6. Use the Squeeze Theorem to prove the following: (a) \( \lim _{x \rightarrow 0} \sqrt{x^{3}+x^{2}} \cos \left(\frac{\pi}{x}\right)=0 \) (b) \( \lim _{x \rightarrow 0^{+}} \sqrt{x} e^{\sin \left(\frac{\pi}{x}\right)}=0 \)

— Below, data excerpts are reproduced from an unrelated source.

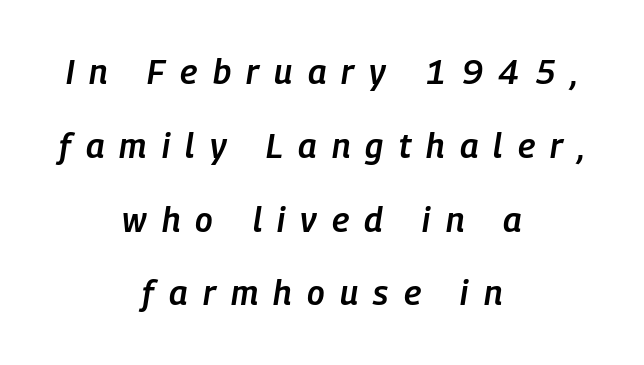
{"italic": "yes", "lean": "right", "slant_degrees": 9, "bold": "semi", "weight": "semibold", "width": "condensed", "stroke_contrast": "low", "x_height": "medium", "monospaced": "no", "underline": "no", "align": "center", "line_spacing": "loose", "line_spacing_ratio": 2.17, "letter_spacing": "wide", "letter_spacing_em": 0.45, "glyph_px": 34}
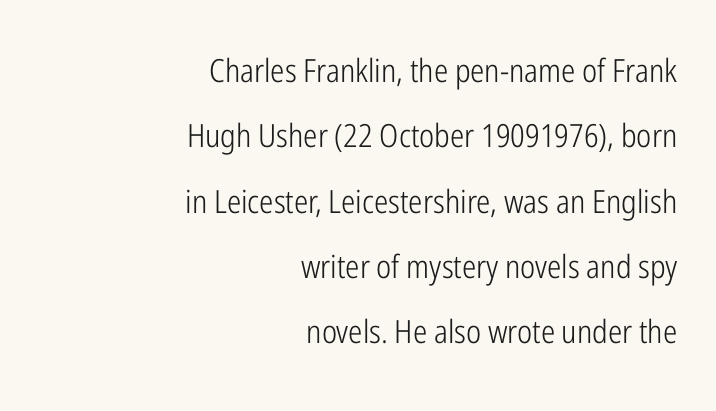
{"serif": "no", "italic": "no", "bold": "no", "weight": "light", "width": "condensed", "stroke_contrast": "low", "x_height": "medium", "monospaced": "no", "underline": "no", "align": "right", "line_spacing": "loose", "line_spacing_ratio": 2.04, "letter_spacing": "normal", "letter_spacing_em": 0.0, "glyph_px": 32}
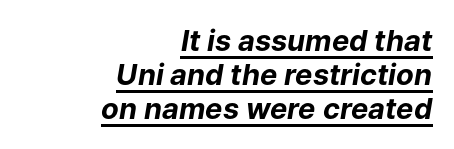
Q: Is the text bold? A: Yes.
Q: Is the text italic (slanted)? A: Yes, it leans right by about 9 degrees.
Q: Is the text underlined? A: Yes.
Q: How is the paragraph aligned? A: Right-aligned.
Q: Is the spacing between letters normal or unusually wide? A: Normal.
Q: Width (condensed, normal, or wide)? A: Normal.
Q: Stroke contrast? A: Low.
Q: x-height? A: Medium.
Q: Monospaced? A: No.
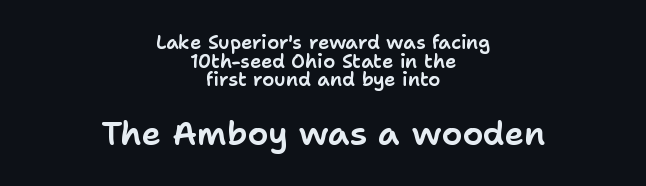
The image shows 33 px sans-serif type, upright; set centered, tight line spacing (0.98x), normal letter spacing, not underlined; the second (bottom) block is 1.74x larger; low stroke contrast and a medium x-height.
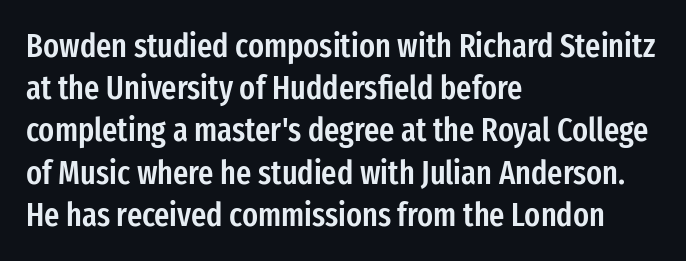
Students, observe: this is what conventionally led text looks like. The string is rendered with underlining switched off. Varying glyph widths throughout — classic text-font behaviour. The rag falls on the right side of this text block.
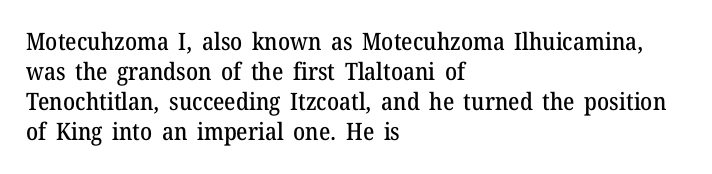
Q: Is the text italic (slanted)? A: No, it is upright.
Q: Is the text underlined? A: No.
Q: How is the paragraph aligned? A: Left-aligned.
Q: Is the spacing between letters normal or unusually wide? A: Normal.
Q: Is the spacing between lines tight, normal or loose? A: Normal.
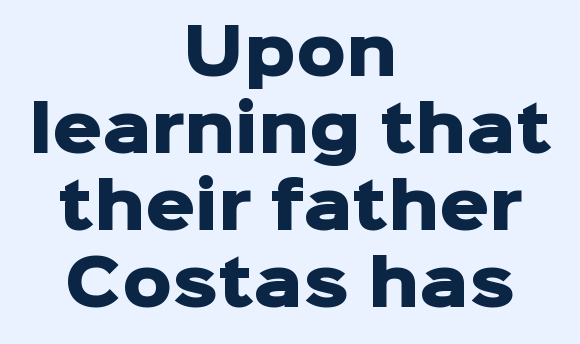
Q: Is the text bold? A: Yes.
Q: Is the text italic (slanted)? A: No, it is upright.
Q: Is the typeface a serif or a sans-serif typeface? A: Sans-serif.
Q: Is the text underlined? A: No.
Q: How is the paragraph aligned? A: Centered.
Q: Is the spacing between letters normal or unusually wide? A: Normal.
Q: Width (condensed, normal, or wide)? A: Normal.
Q: Stroke contrast? A: Low.
Q: x-height? A: Medium.
Q: Monospaced? A: No.
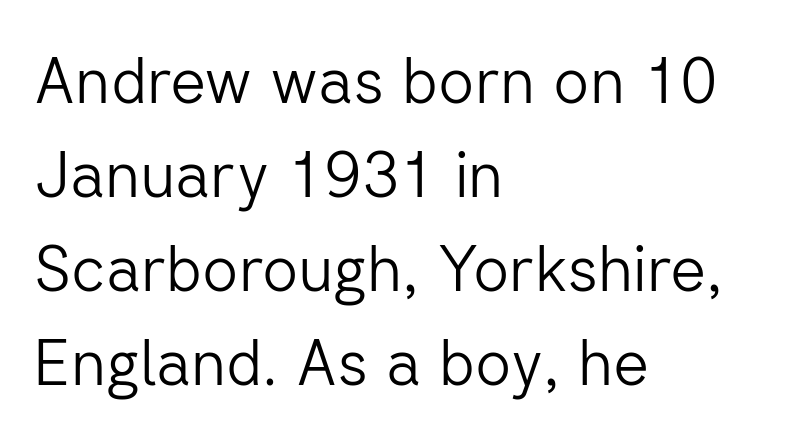
Q: Is the text bold? A: No.
Q: Is the text italic (slanted)? A: No, it is upright.
Q: Is the typeface a serif or a sans-serif typeface? A: Sans-serif.
Q: Is the text underlined? A: No.
Q: How is the paragraph aligned? A: Left-aligned.
Q: Is the spacing between letters normal or unusually wide? A: Normal.
Q: Is the spacing between lines tight, normal or loose? A: Normal.
Q: Width (condensed, normal, or wide)? A: Normal.
Q: Stroke contrast? A: Low.
Q: x-height? A: Medium.
Q: Monospaced? A: No.
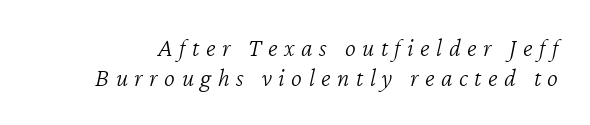
Q: Is the text bold? A: No.
Q: Is the text italic (slanted)? A: Yes, it leans right by about 12 degrees.
Q: Is the text underlined? A: No.
Q: Is the spacing between letters normal or unusually wide? A: Unusually wide.
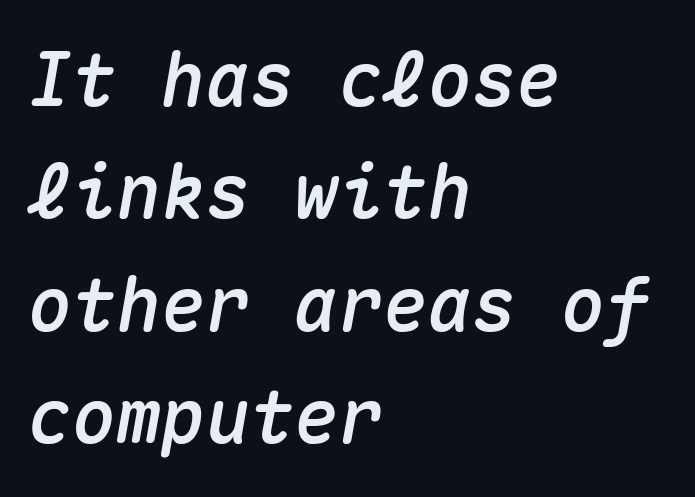
A typesetter would call this leading conventional body-copy spacing. Letter spacing: default. Is this a fixed-width face? Yes — each glyph sits in an identical cell. Reading down the block, your eye returns to a fixed left position each line. Honestly, there is no underline to notice here at all.
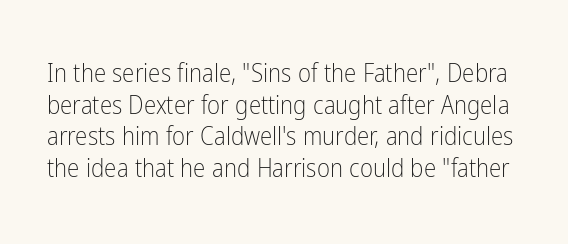
Q: Is the text bold? A: No.
Q: Is the text italic (slanted)? A: No, it is upright.
Q: Is the text underlined? A: No.
Q: Is the spacing between letters normal or unusually wide? A: Normal.
Q: Is the spacing between lines tight, normal or loose? A: Normal.
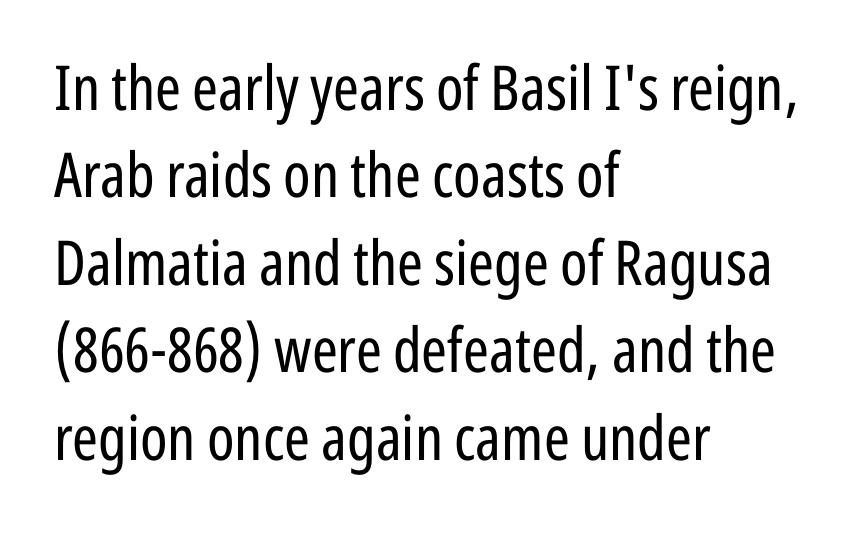
The image shows 62 px regular-weight, condensed sans-serif type, upright; set left-aligned, normal line spacing (1.41x), normal letter spacing, not underlined; low stroke contrast and a medium x-height.
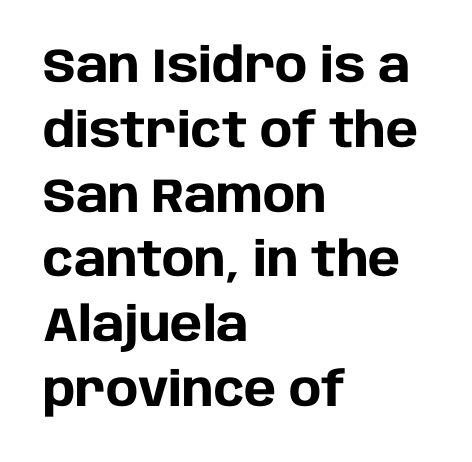
Q: Is the text bold? A: Yes.
Q: Is the text italic (slanted)? A: No, it is upright.
Q: Is the typeface a serif or a sans-serif typeface? A: Sans-serif.
Q: Is the text underlined? A: No.
Q: How is the paragraph aligned? A: Left-aligned.
Q: Is the spacing between letters normal or unusually wide? A: Normal.
Q: Is the spacing between lines tight, normal or loose? A: Normal.
Q: Width (condensed, normal, or wide)? A: Normal.
Q: Stroke contrast? A: Low.
Q: x-height? A: Large.
Q: Monospaced? A: No.

**(a)** We wish to evaluate \[ \lim_{x \rightarrow 0} \sqrt{x^3 + x^2} \cos\left(\frac{\pi}{x}\right). \] 1. Notice that for all real \( x \) (and particularly for \( x \neq 0 \)), we have \[ -1 \leq \cos\left(\frac{\pi}{x}\right) \leq 1. \] 2. Multiplying the inequality by the nonnegative quantity \( \sqrt{x^3+x^2} \) gives \[ -\sqrt{x^3+x^2} \leq \sqrt{x^3+x^2}\cos\left(\frac{\pi}{x}\right) \leq \sqrt{x^3+x^2}. \] 3. Consider the limit of the bounding functions as \( x \rightarrow 0 \): \[ \lim_{x \rightarrow 0} \sqrt{x^3+x^2} = 0. \] This is because we can factor the expression as \[ \sqrt{x^3+x^2} = \sqrt{x^2(x+1)} = |x|\sqrt{x+1}, \] and as \( x \rightarrow 0 \), both \( |x| \) and \( \sqrt{x+1} \) tend to \( 0 \) and \( 1 \), respectively. 4. By the Squeeze Theorem, since both the lower bound \( -\sqrt{x^3+x^2} \) and the upper bound \( \sqrt{x^3+x^2} \) tend to \( 0 \) as \( x \rightarrow 0 \), it follows that \[ \lim_{x \rightarrow 0} \sqrt{x^3+x^2}\cos\left(\frac{\pi}{x}\right)=0. \] --- **(b)** We wish to evaluate \[ \lim_{x \rightarrow 0^{+}} \sqrt{x}\, e^{\sin\left(\frac{\pi}{x}\right)}. \] 1. Again, note that for all \( x \), \[ -1 \leq \sin\left(\frac{\pi}{x}\right) \leq 1. \] 2. Exponentiating the inequality (using the fact that the exponential function is increasing) yields \[ e^{-1} \leq e^{\sin\left(\frac{\pi}{x}\right)} \leq e^1. \] 3. Multiplying through by \( \sqrt{x} \) (which is nonnegative for \( x>0 \)) gives \[ e^{-1}\sqrt{x} \leq \sqrt{x}\, e^{\sin\left(\frac{\pi}{x}\right)} \leq e\sqrt{x}. \] 4. Compute the limits of the bounding functions as \( x \rightarrow 0^+ \): \[ \lim_{x \rightarrow 0^+} e^{-1}\sqrt{x} =0 \quad \text{and} \quad \lim_{x \rightarrow 0^+} e\sqrt{x} =0. \] 5. By the Squeeze Theorem, \[ \lim_{x \rightarrow 0^{+}} \sqrt{x}\, e^{\sin\left(\frac{\pi}{x}\right)}=0. \]